━━━ TASK INPUT ━━━
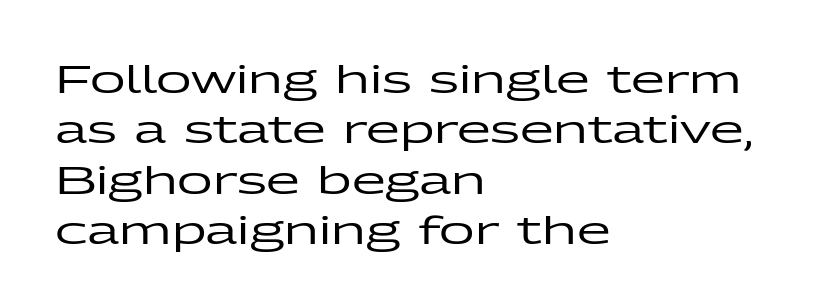
{"serif": "no", "italic": "no", "width": "wide", "stroke_contrast": "low", "x_height": "medium", "monospaced": "no", "underline": "no", "align": "left", "line_spacing": "normal", "line_spacing_ratio": 1.29, "letter_spacing": "normal", "letter_spacing_em": 0.0, "glyph_px": 39}
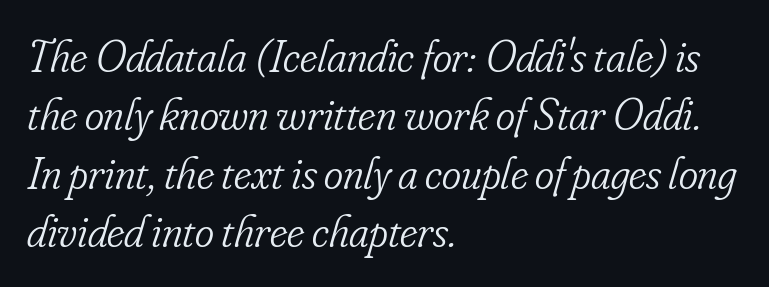
The image shows 46 px light, condensed serif type, italic (leaning right); set left-aligned, normal line spacing (1.27x), normal letter spacing, not underlined; low stroke contrast and a small x-height.
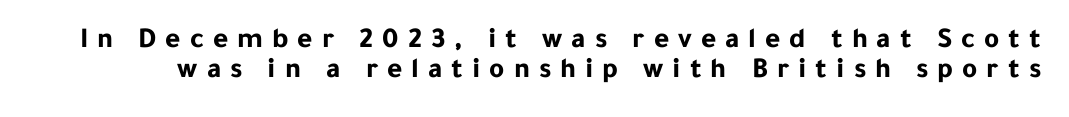
The image shows 29 px bold sans-serif type, upright; set tight line spacing (1.05x), unusually wide letter spacing (+0.31 em), not underlined; low stroke contrast and a medium x-height.
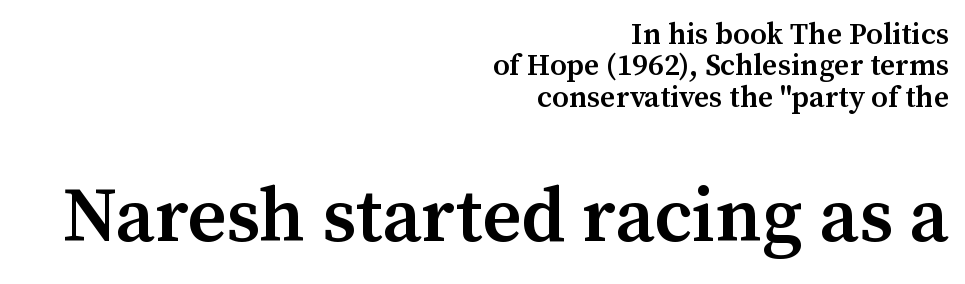
The image shows 76 px semibold serif type, upright; set right-aligned, tight line spacing (1.05x), normal letter spacing, not underlined; the second (bottom) block is 2.53x larger; medium stroke contrast and a medium x-height.
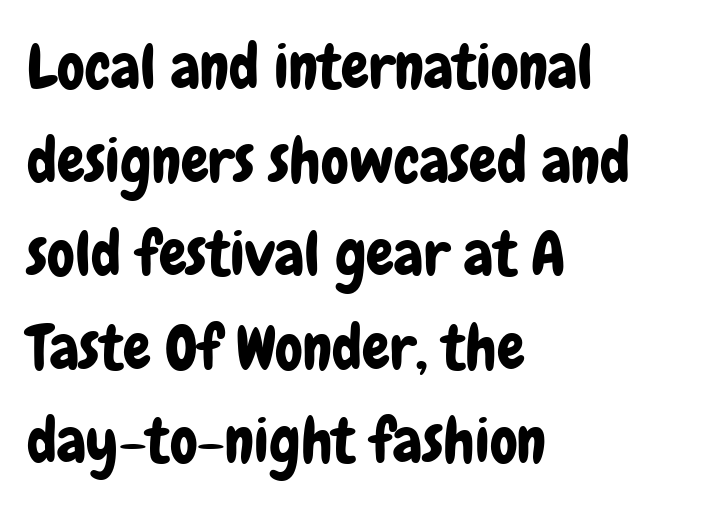
The image shows 62 px condensed sans-serif type, upright; set left-aligned, normal line spacing (1.51x), normal letter spacing, not underlined; low stroke contrast and a medium x-height.
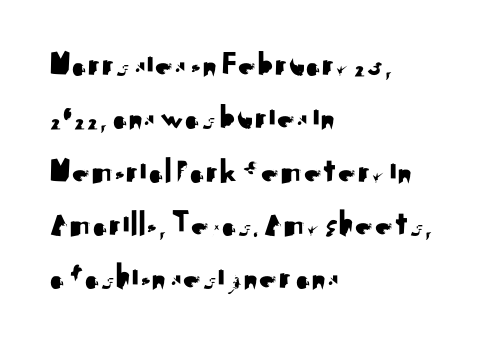
Q: Is the text italic (slanted)? A: No, it is upright.
Q: Is the typeface a serif or a sans-serif typeface? A: Sans-serif.
Q: Is the text underlined? A: No.
Q: How is the paragraph aligned? A: Left-aligned.
Q: Is the spacing between letters normal or unusually wide? A: Normal.
Q: Is the spacing between lines tight, normal or loose? A: Normal.
Q: Width (condensed, normal, or wide)? A: Normal.
Q: Stroke contrast? A: Medium.
Q: x-height? A: Small.
Q: Monospaced? A: No.
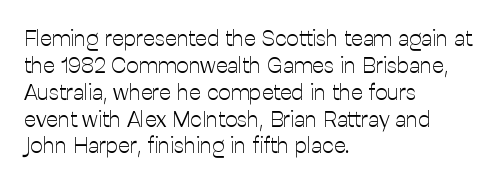
Honestly, the letter spacing is just normal — you wouldn't notice it. A student would call this left alignment; a typographer would say flush left, rag right. The font sits on the lighter half of the weight spectrum, regular included. Just letters on the line, the space beneath them empty.
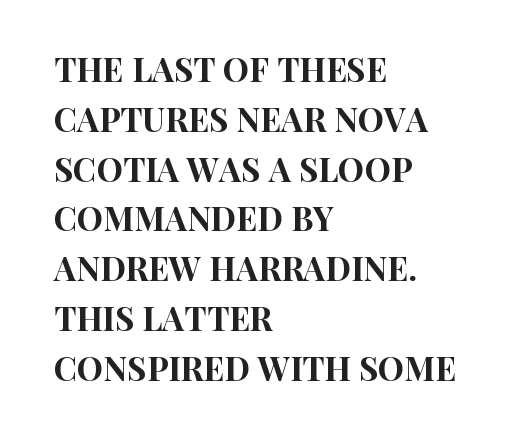
Q: Is the text italic (slanted)? A: No, it is upright.
Q: Is the typeface a serif or a sans-serif typeface? A: Sans-serif.
Q: Is the text underlined? A: No.
Q: How is the paragraph aligned? A: Left-aligned.
Q: Is the spacing between letters normal or unusually wide? A: Normal.
Q: Is the spacing between lines tight, normal or loose? A: Normal.
Q: Width (condensed, normal, or wide)? A: Condensed.
Q: Stroke contrast? A: High.
Q: x-height? A: Large.
Q: Monospaced? A: No.
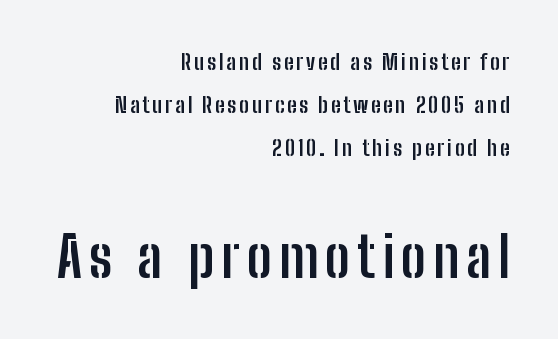
The foot of each line stays bare and open. The designer dialed line spacing up above the default. Where is the straight margin? On the right. Whoever set this made the second block the dominant, larger element. You could not count columns in this text — the font is proportionally spaced. What kind of face is this? One without serifs — a sans.
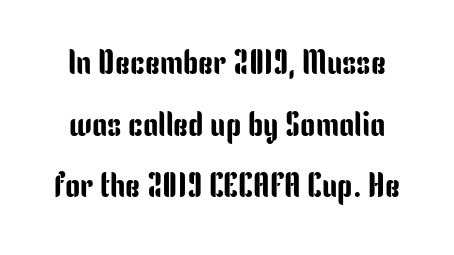
{"serif": "no", "italic": "no", "width": "condensed", "stroke_contrast": "low", "x_height": "medium", "monospaced": "no", "underline": "no", "line_spacing_ratio": 1.81, "letter_spacing": "normal", "letter_spacing_em": 0.0, "glyph_px": 34}
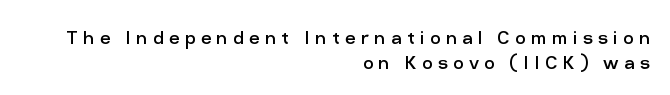
Q: Is the text bold? A: No.
Q: Is the text italic (slanted)? A: No, it is upright.
Q: Is the text underlined? A: No.
Q: How is the paragraph aligned? A: Right-aligned.
Q: Is the spacing between letters normal or unusually wide? A: Unusually wide.
Q: Is the spacing between lines tight, normal or loose? A: Tight.
━━━
### [TASK DIRECTIONS]
Return the records word for word, leaving every picture out of the copy.

### [ANSWER BOX]
{"serif": "no", "italic": "no", "width": "wide", "stroke_contrast": "low", "x_height": "medium", "monospaced": "no", "underline": "no", "align": "left", "line_spacing": "normal", "line_spacing_ratio": 1.29, "letter_spacing": "normal", "letter_spacing_em": 0.0, "glyph_px": 39}
The image shows 46 px light, condensed serif type, italic (leaning right); set left-aligned, normal line spacing (1.27x), normal letter spacing, not underlined; low stroke contrast and a small x-height.
The image shows 29 px bold sans-serif type, upright; set tight line spacing (1.05x), unusually wide letter spacing (+0.31 em), not underlined; low stroke contrast and a medium x-height.
The image shows 76 px semibold serif type, upright; set right-aligned, tight line spacing (1.05x), normal letter spacing, not underlined; the second (bottom) block is 2.53x larger; medium stroke contrast and a medium x-height.
The image shows 62 px condensed sans-serif type, upright; set left-aligned, normal line spacing (1.51x), normal letter spacing, not underlined; low stroke contrast and a medium x-height.
Q: Is the text italic (slanted)? A: No, it is upright.
Q: Is the typeface a serif or a sans-serif typeface? A: Sans-serif.
Q: Is the text underlined? A: No.
Q: How is the paragraph aligned? A: Left-aligned.
Q: Is the spacing between letters normal or unusually wide? A: Normal.
Q: Is the spacing between lines tight, normal or loose? A: Normal.
Q: Width (condensed, normal, or wide)? A: Normal.
Q: Stroke contrast? A: Medium.
Q: x-height? A: Small.
Q: Monospaced? A: No.
Honestly, the letter spacing is just normal — you wouldn't notice it. A student would call this left alignment; a typographer would say flush left, rag right. The font sits on the lighter half of the weight spectrum, regular included. Just letters on the line, the space beneath them empty.
Q: Is the text italic (slanted)? A: No, it is upright.
Q: Is the typeface a serif or a sans-serif typeface? A: Sans-serif.
Q: Is the text underlined? A: No.
Q: How is the paragraph aligned? A: Left-aligned.
Q: Is the spacing between letters normal or unusually wide? A: Normal.
Q: Is the spacing between lines tight, normal or loose? A: Normal.
Q: Width (condensed, normal, or wide)? A: Condensed.
Q: Stroke contrast? A: High.
Q: x-height? A: Large.
Q: Monospaced? A: No.
The foot of each line stays bare and open. The designer dialed line spacing up above the default. Where is the straight margin? On the right. Whoever set this made the second block the dominant, larger element. You could not count columns in this text — the font is proportionally spaced. What kind of face is this? One without serifs — a sans.
{"serif": "no", "italic": "no", "width": "condensed", "stroke_contrast": "low", "x_height": "medium", "monospaced": "no", "underline": "no", "line_spacing_ratio": 1.81, "letter_spacing": "normal", "letter_spacing_em": 0.0, "glyph_px": 34}
Q: Is the text bold? A: No.
Q: Is the text italic (slanted)? A: No, it is upright.
Q: Is the text underlined? A: No.
Q: How is the paragraph aligned? A: Right-aligned.
Q: Is the spacing between letters normal or unusually wide? A: Unusually wide.
Q: Is the spacing between lines tight, normal or loose? A: Tight.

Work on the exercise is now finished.